You can write your own memory allocation procedures that allocate aligned data on the heap. You can specify your own alignment size (not only 16 bytes, but also 32 bytes, 64 bytes, etc.):
procedure GetMemAligned(const bits: Integer; const src: Pointer; const SrcSize: Integer; out DstAligned, DstUnaligned: Pointer; out DstSize: Integer); var Bytes: NativeInt; i: NativeInt; begin if src <> nil then begin i := NativeInt(src); i := i shr bits; i := i shl bits; if i = NativeInt(src) then begin // the source is already aligned, nothing to do DstAligned := src; DstUnaligned := src; DstSize := SrcSize; Exit; end; end; Bytes := 1 shl bits; DstSize := SrcSize + Bytes; GetMem(DstUnaligned, DstSize); FillChar(DstUnaligned^, DstSize, 0); i := NativeInt(DstUnaligned) + Bytes; i := i shr bits; i := i shl bits; DstAligned := Pointer(i); if src <> nil then Move(src^, DstAligned^, SrcSize); end; procedure FreeMemAligned(const src: Pointer; var DstUnaligned: Pointer; var DstSize: Integer); begin if src <> DstUnaligned then begin if DstUnaligned <> nil then FreeMem(DstUnaligned, DstSize); end; DstUnaligned := nil; DstSize := 0; end;
Then use pointers and procedures as the third argument to return the result.

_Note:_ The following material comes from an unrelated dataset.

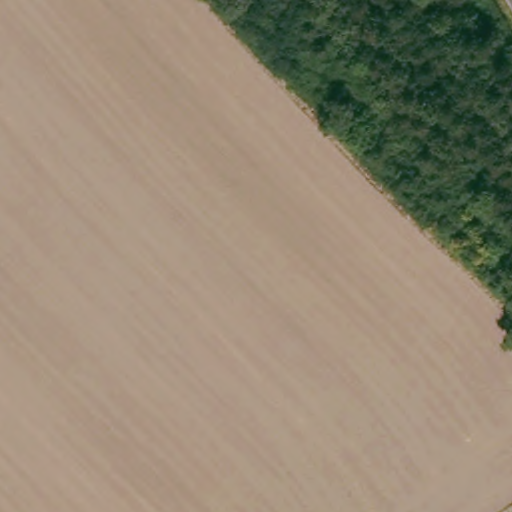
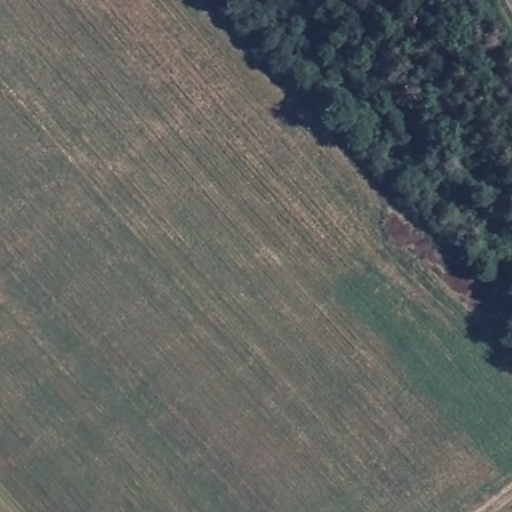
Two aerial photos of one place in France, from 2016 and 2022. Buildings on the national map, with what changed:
[]

You can also use functions, but this is not so obvious.
type PVector^ = TVector; TVector = packed array [1..4] of Single;
Then distribute these objects like this:
const SizeAligned = SizeOf(TVector); var DataUnaligned, DataAligned: Pointer; SizeUnaligned: Integer; V1: PVector; begin GetMemAligned(4 {align by 4 bits, ie by 16 bytes}, nil, SizeAligned, DataAligned, DataUnaligned, SizeUnaligned); V1 := DataAligned; // now you can work with your vector via V1^ - it is aligned by 16 bytes and stays in the heap FreeMemAligned(nil, DataUnaligned, SizeUnaligned); end;
As you already noted, we passed nil to GetMemAligned and FreeMemAligned - this parameter is necessary when we want to align existing data, for example. which we received as an argument to the function, for example.

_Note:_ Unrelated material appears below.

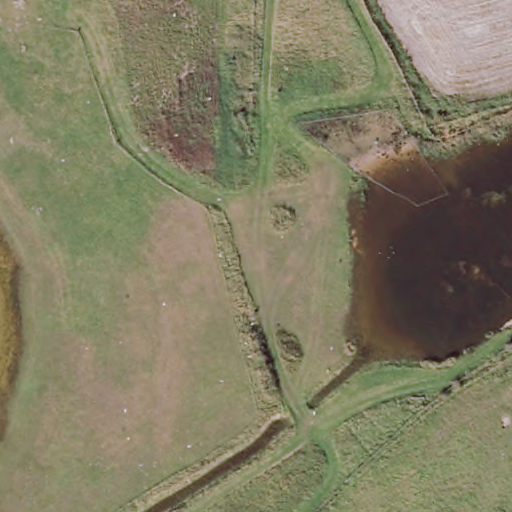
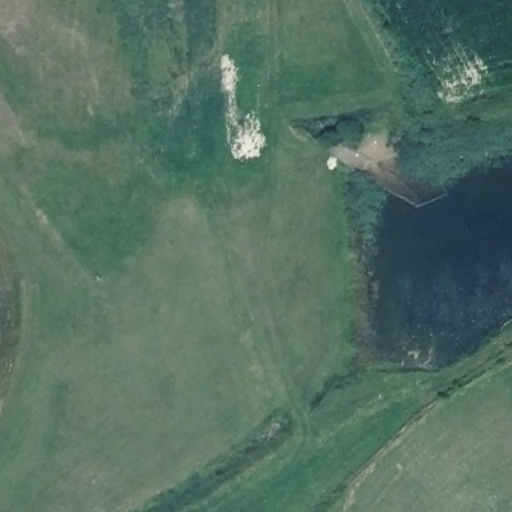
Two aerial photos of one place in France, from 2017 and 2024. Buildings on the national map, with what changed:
[]

Just use direct register names, not parameter names in build procedures. You will not get involved with this when using the call registration pipeline, otherwise you risk changing the registers without knowing that the parameter names used are just aliases for the registers.
In Win64 with Microsoft's call convention, the first parameter is always passed as RCX, the second is RDX, the third is R8, the fourth is R9, and the rest is on the stack. The function returns the result in RAX. But if the function returns the result of the structure ("record"), it does not return in RAX, but in an implicit argument to the address. The following registers can be changed by your function after a call: RAX, RCX, RDX, R8, R9, R10, R11. The rest must be saved. See https://msdn.microsoft.com/en-us/library/ms235286.aspx for more details.

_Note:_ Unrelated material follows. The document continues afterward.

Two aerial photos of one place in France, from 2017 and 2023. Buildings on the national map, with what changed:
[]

In Win32, with the Delphi register registration agreement, the call passes the first parameter in EAX, the second in EDX, the third in ECX and rests on the stack
The following table shows the differences:
64 32 --- --- 1) rcx eax 2) rdx edx 3) r8 ecx 4) r9 stack
So your function will look like this (32-bit):
procedure add4(const a, b: TVector; out Result: TVector); register; assembler; asm movaps xmm0, [eax] movaps xmm1, [edx] addps xmm0, xmm1 movaps [ecx], xmm0 end;
Under 64-bit;
procedure add4(const a, b: TVector; out Result: TVector); register; assembler; asm movaps xmm0, [rcx] movaps xmm1, [rdx] addps xmm0, xmm1 movaps [r8], xmm0 end;
By the way, according to Microsoft, the floating point arguments in the agreement on 64-bit calls are passed directly to the XMM registers: first in XMM0, the second in XMM1, the third in XMM2 and the fourth in XMM3, and the rest on the stack, so you can pass them by value, not by reference.